In my experience that's not really how it works. Linear resolution might be a fine tool for measuring the sharpmness of lenses but for photographing small subjects with big lenses it's about subject area and pixels on subject.
An 8x10 is 4 times the size of a 4x5 despite only having twice as many pixels in any given dimension. Using your method of selectively measuring only one dimension a person might say an 8x10 is only twice the size of a 4x5 despite the fact that it uses 4x the amount of paper.
A 1.4x tele doubles the size of your subject which is why it needs twice as much light as the bare lens. A 2x quadruples the size of your subject which is why it needs 4 times as much light.
edit: IMO if Canon is going to stop supporting APSC sports bodies they really need a comparable 600mm zoom. 400mm is a great focal length for photographing wildlife on a 7D Mark or with a 5DS/R high body that can tolerate significant croping but it's generally just to short for full frame. The full frame market really needs an affordable 600mm.
We might be talking at cross purposes here. Agreed that doubling the focal length will give you 4x more pixels on target and you can blow up to a larger size, 2x the height and width by doing so. With film you increase the size of a print with an enlarger, but how far you can usefully enlarge is limited by the resolution of the negative. With digital, you can increase the number of pixels 2-4x by using Photoshop if the resolution of the digital image is good enough, and a blown up image from a sharper can be better than one from a longer less sharp lens. It is important to understand what resolution is and how it is limited. What is crucial to me is the amount of detail you can see, and that is determined by resolution.
"Resolution depends on the distance between two distinguishable radiating points..........The resolution of a system is based on the minimum distance r at which the points can be distinguished as individuals."
https://en.wikipedia.org/wiki/Optical_resolution
That is, resolution is a linear measure, based on lateral separation, not one based on area. For a digital camera, three of the factors limiting resolution are the pixel density of the sensor, and the focal length and aperture of the lens.
When the lens outresolves the sensor, resolution scales as the square root of the number of pixels on the image provided by the sensor: double the number of pixels and you do increase resolution but by a factor of 1.414, and not by 2. (It's the Nyquist frequency of the sensor that limits resolution.)
If the sensor outresolves the lens, then increasing the pixel density and putting more pixels on the image will have little effect on resolution but increasing the resolving power of the lens will increase resolution. If the lens is optically good and is not limited by diffraction, lateral resolution increases linearly with the focal length of the lens: double the focal length and you do put 4x more pixels on the image but you increase resolution only by a factor of 2.
The current state of technology is that diffraction is often a limiting factor, and the aperture of the lens can be crucial. If you are above the diffraction limited aperture (higher f-number) then doubling the focal length of the lens without increasing the diameter of the front element (entrance pupil) will quadruple the number of pixels on the image but have hardly any increase in resolution.
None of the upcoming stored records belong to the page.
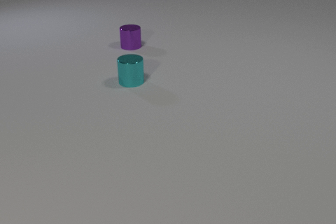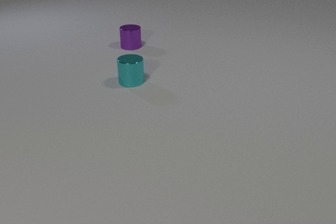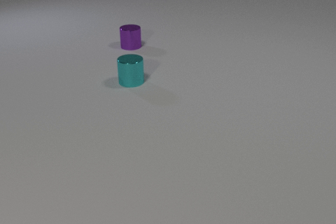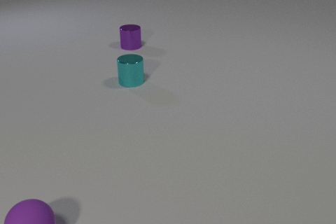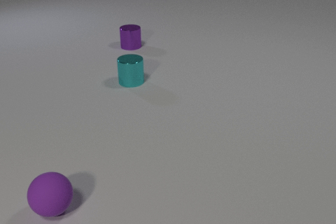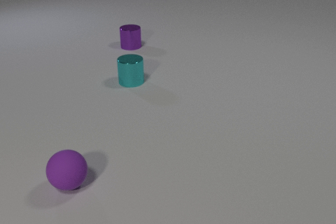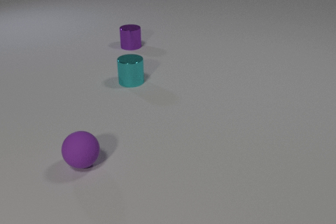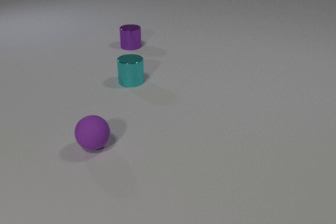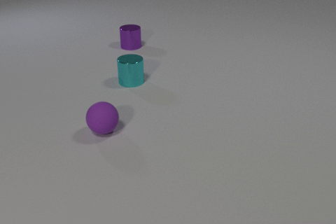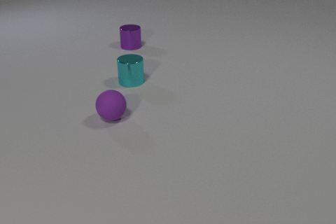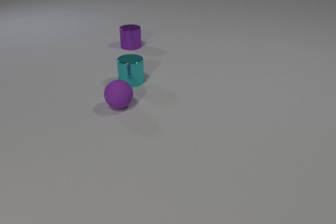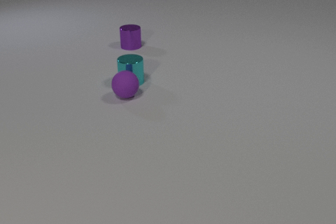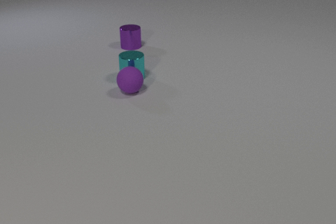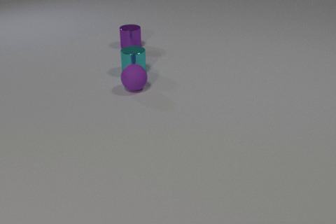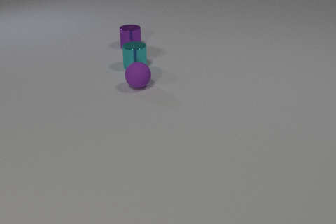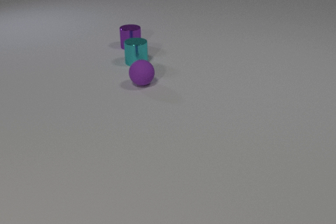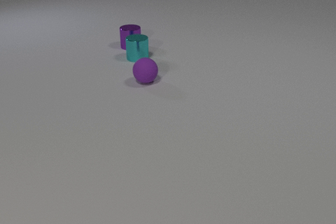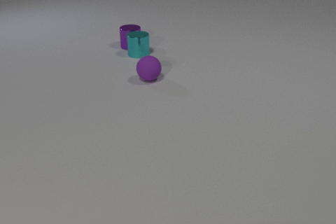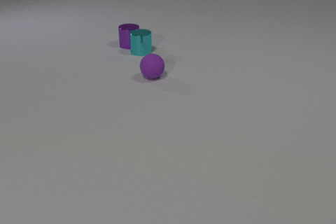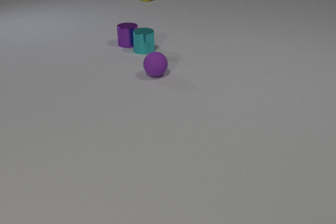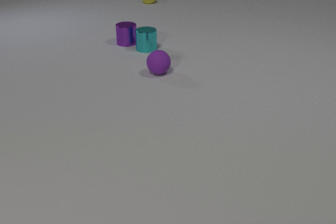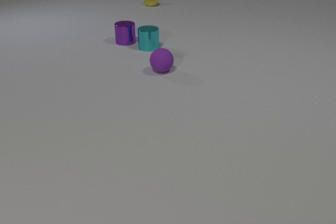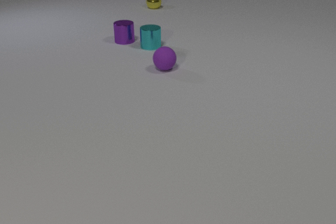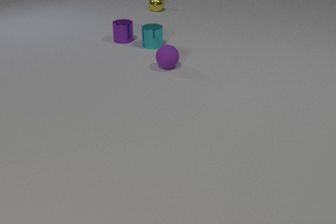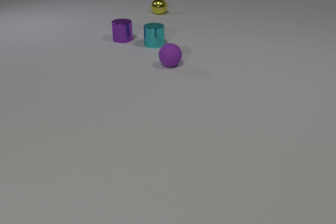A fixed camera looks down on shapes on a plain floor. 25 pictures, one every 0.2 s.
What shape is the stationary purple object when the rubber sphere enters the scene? cylinder.
How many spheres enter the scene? 2.
What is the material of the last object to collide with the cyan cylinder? metal.
0.0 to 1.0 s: The purple rubber sphere comes in at the bottom edge, rolls away from the camera and to the right.
1.0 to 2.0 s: The purple rubber sphere rolls away from the camera.
2.0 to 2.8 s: The purple rubber sphere rolls away from the camera and to the right. The cyan metal cylinder slides away from the camera. The purple rubber sphere and the cyan metal cylinder collide.
2.8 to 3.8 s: The purple rubber sphere rolls away from the camera and to the right. The cyan metal cylinder slides away from the camera. The purple metal cylinder slides away from the camera. The yellow metal sphere comes in at the top edge, rolls toward the camera. The cyan metal cylinder and the purple metal cylinder collide.
3.8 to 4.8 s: The purple rubber sphere rolls away from the camera and to the right. The cyan metal cylinder slides away from the camera and to the right. The purple metal cylinder slides away from the camera. The yellow metal sphere rolls toward the camera.
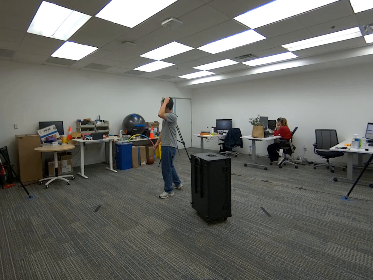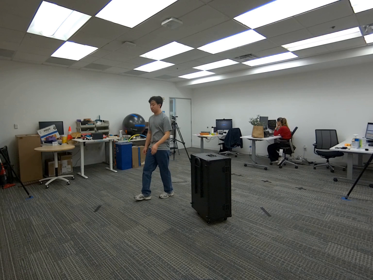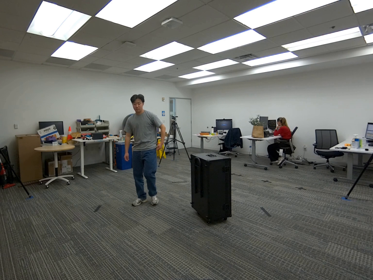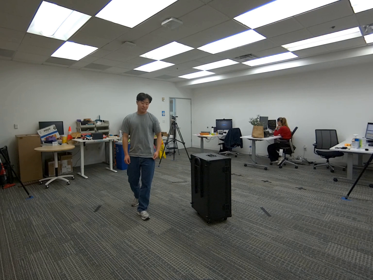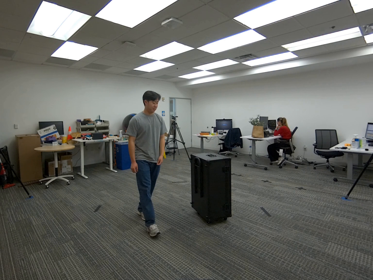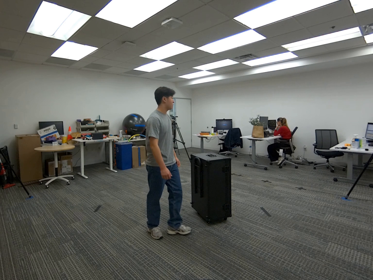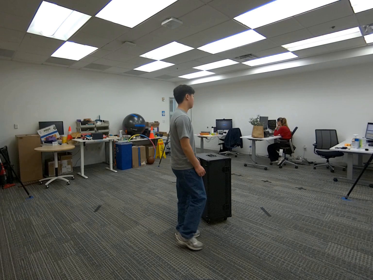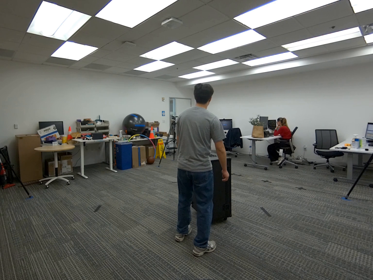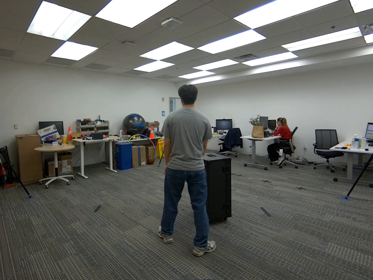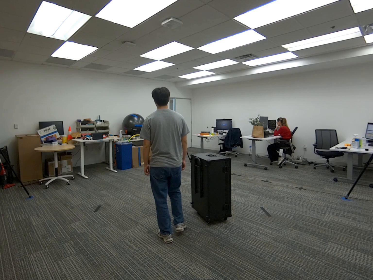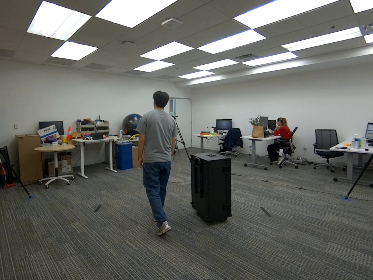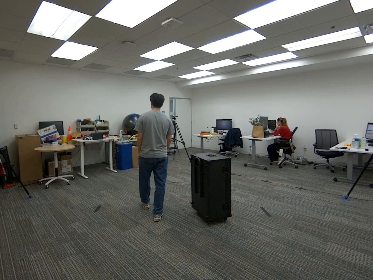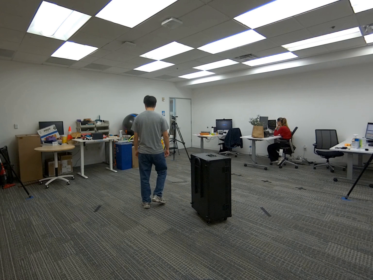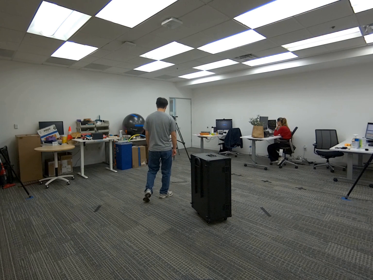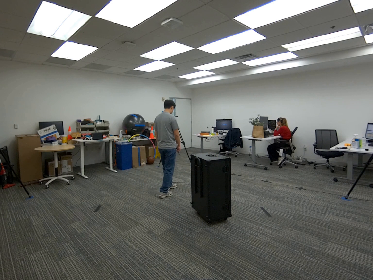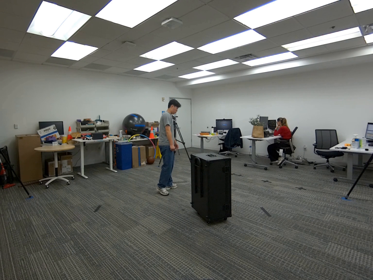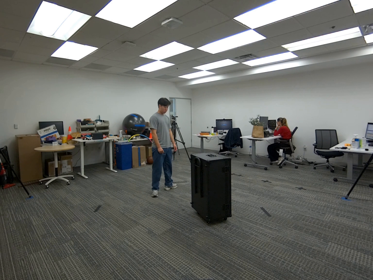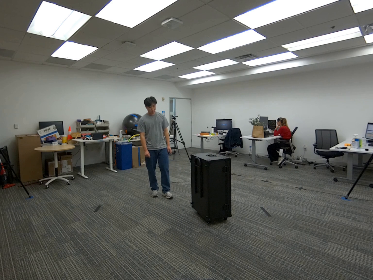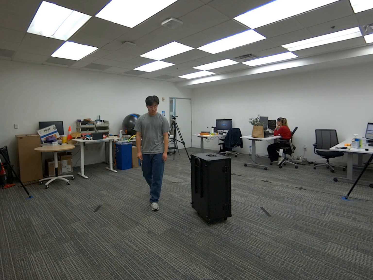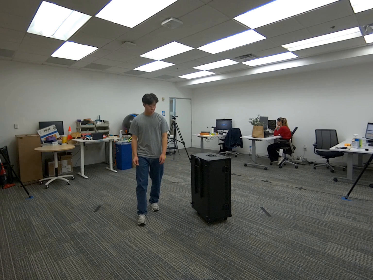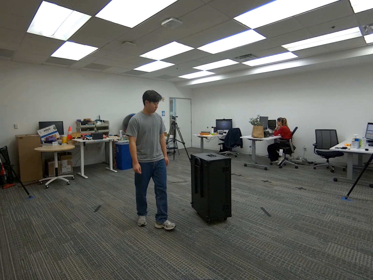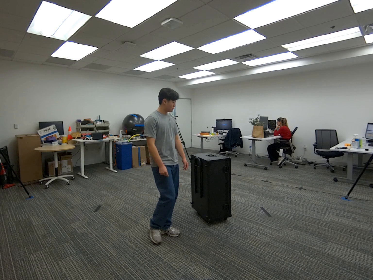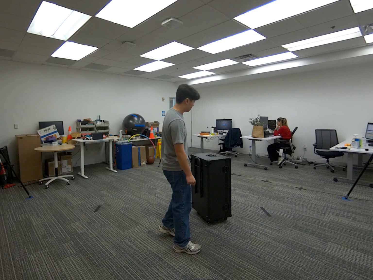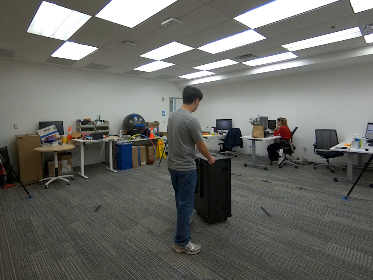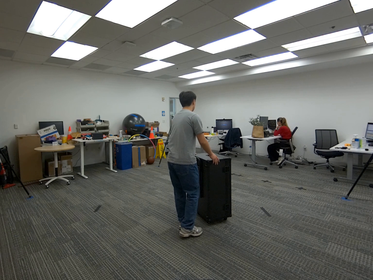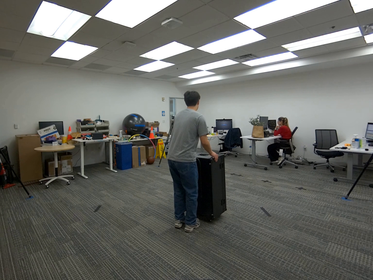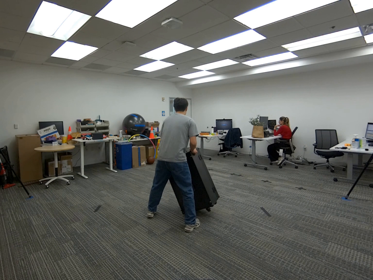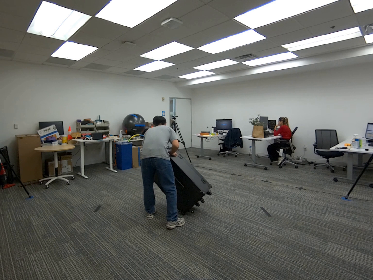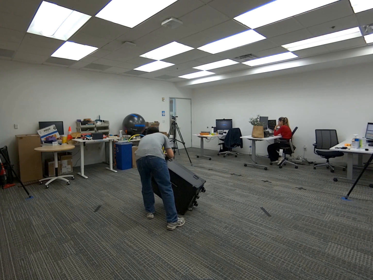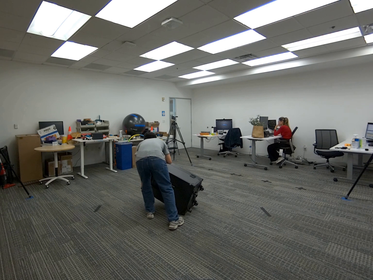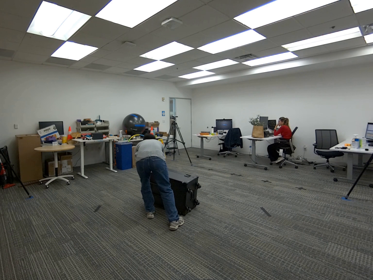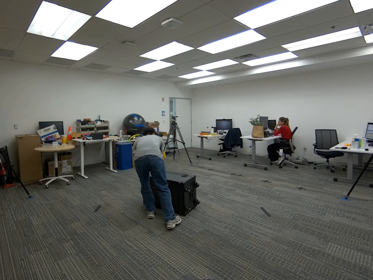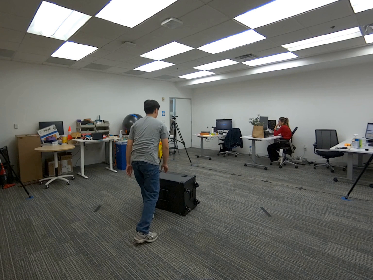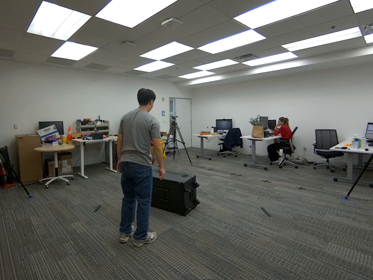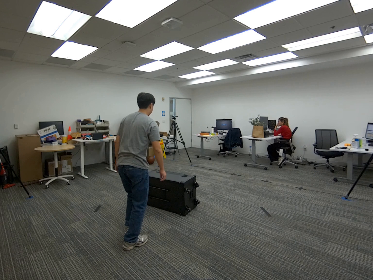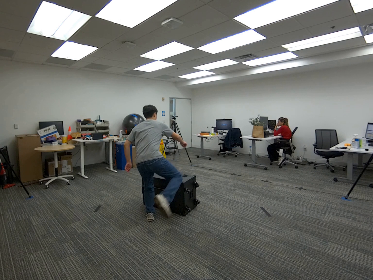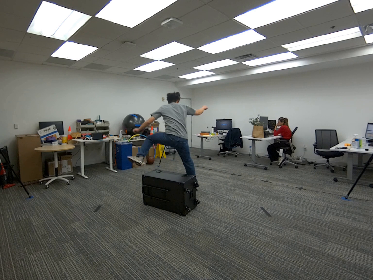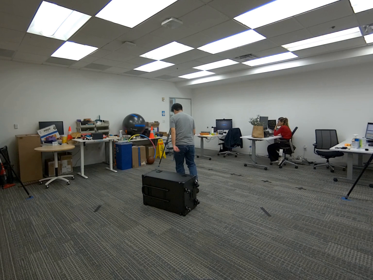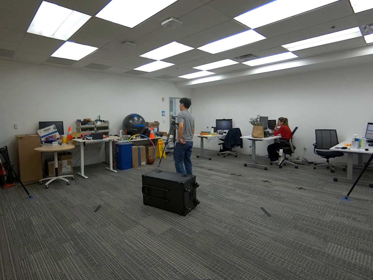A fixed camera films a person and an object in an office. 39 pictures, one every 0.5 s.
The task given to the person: Walk over to the G1 Box and place the box on its side and proceed to jump over the G1 box.

This is actually the case when you put a 2xTC on an f/6.3 lens on a crop camera or on a high resolution FF like a 5DSR, Nikon D850, a Sony 7RIII or even a 5DIV or R. You put 4x the number of pixels on the image but they are all twice as fuzzy, and you would do just as well by increasing the number of pixels using Photoshop.
I do in fact have a very good Sigma 150-600mm f/6.3 lens for my Canons, and would prefer Canon bring out small, lightweight, high quality primes like Nikon does, rather than another 200-600mm zoom. I am not alone in that desire.